Around and around Perpignan, with blocked streets and confusing directions, the clock ticking away. Finally, we are on the road to the airport. We arrive at the airport at 5:10 pm; the Ryanair plane is still there. But the gate has closed, and we would have to be the premier of France to get them to open it again. We have missed our flight. Peter – that was the Good Samaritan’s name – leaves, we’ve thanked him profusely but barely learned his name, and in the confusion, no way to contact him.
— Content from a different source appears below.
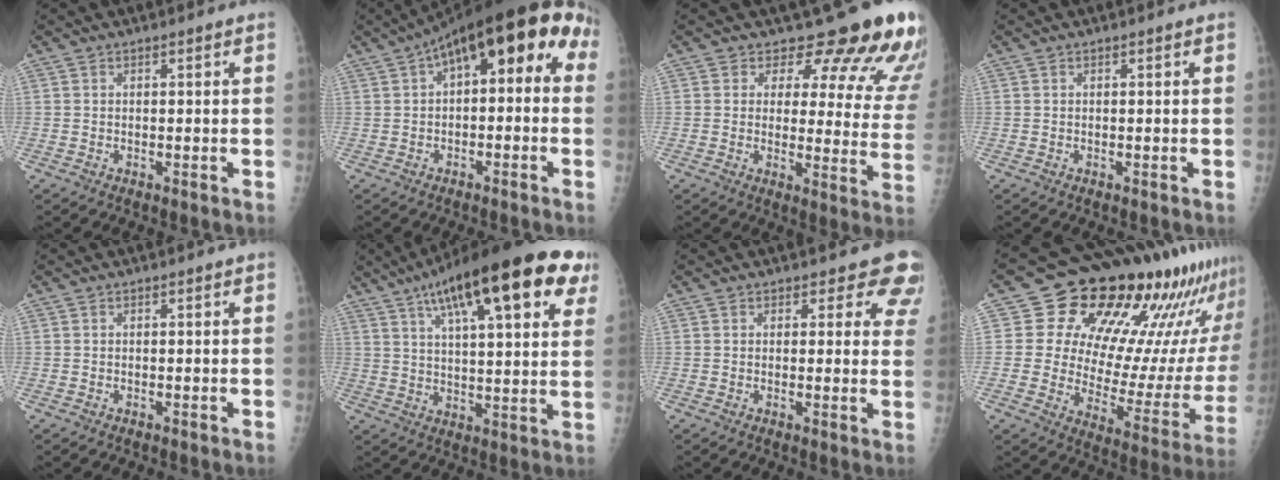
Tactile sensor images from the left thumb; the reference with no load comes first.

Peter, if you’re reading this blog, please get in touch with us.

We try to evaluate our options.

We have paid for the flight we missed, a hotel room at Stansted, and the next morning 7:00 am flight from Stansted to Vilnius. The Ryanair agent, a Mr. Delaporte (who was very helpful and considerate), explains that rebooking both flights for the next day will cost upwards of 600 euros ($840). Plus re-booking the hotel (another $200 or more). If the air seats and the hotel are even available. Plus staying somewhere for almost 24 hours until the flight leaves at 5:25 pm the next day. Total misery!
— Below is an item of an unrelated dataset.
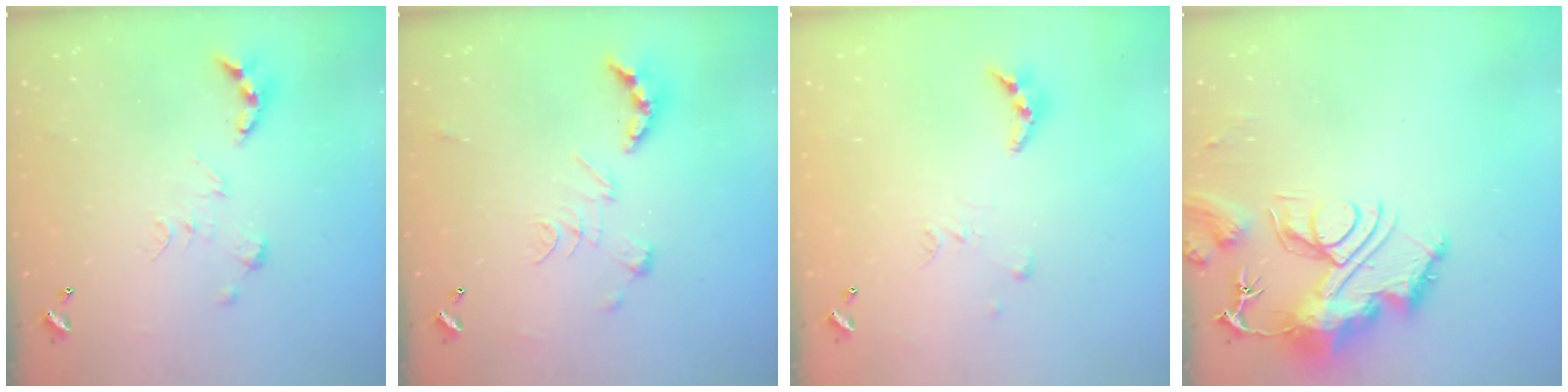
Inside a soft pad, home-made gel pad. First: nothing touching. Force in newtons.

Pat asks, “Is there any other way to get to Stansted tonight?”

“Yes,” says Mr. Dellaporte. “There’s a 10:00 pm flight from Girona.”

Girona is more than two hours drive from Perpignan, across the border in Spain. We could rent a car, but the drop-off fee, for a pickup in  France and a drop in Spain, is almost $1,000. Plus the car rental itself.

So we’ll take a taxi. But … there are no taxis at the Girona airport.

I call Nicolas.

Nicolas is the Perpignan taxi driver we have used to go to Girona and to Barcelona, and who we also hired for our friends Cindy and Ron when they came to Collioure last summer. Nicolas answers his mobile at 5:45. “Can you get us to the Girona airport before 8:30 tonight?”

“Yes,” Nicolas says. “I’ll pick you up at the Perpignan airport at 6:15. You’ll make your flight.”

While I’m talking to Nicolas, Mr. Dellaporte is booking the change in flight to allow us to go from Girona to Stansted: 100 euros each for the re-booking, 40 euros each for the fact that we don’t check in on-line (how could we!), total 280 euros ($390).

By the way, we learned from Mr. Dellaporte that Ryanair knew the shuttle bus would not be running from the train station because of the Tour de France, and had posted a notice on their web site to that effect. But they did not take the next step, which would have been to send an email to all passengers leaving from Perpignan on July 8 to advise of the problem.

What do you think are the chances of getting Ryanair to reimburse me for the consequences of their failure to advise me of pertinent travel information?

At 6:25, Nicolas calls. “The traffic is terrible. The Tour is over and everyone is leaving. They’re all going to Girona which is where the next leg begins tomorrow morning. But don’t worry. I know back roads. I’ll be there in seven minutes.”

Seven minutes later, Nicolas arrives. We load the luggage, and off we go. We are now commitrted to the second Ryanair flight and to the taxi ride to Girona, with no guarantee that we’ll make it.

Nicolas takes us through back roads around the mess in Perpignan. We go through the village where he was born. There is some traffic as we approach the highway, and our hearts drop, but Nicolas says not to worry, we are in his hands now and we will make our flight.

And we do.

Usually, we negotiate a fare for a long distance trip with Nicolas. Tonight, however, is on the meter, and the fare increases at 7:00 pm. We arrive in Girona at 8:15 pm, the fare is 300 euros ($420).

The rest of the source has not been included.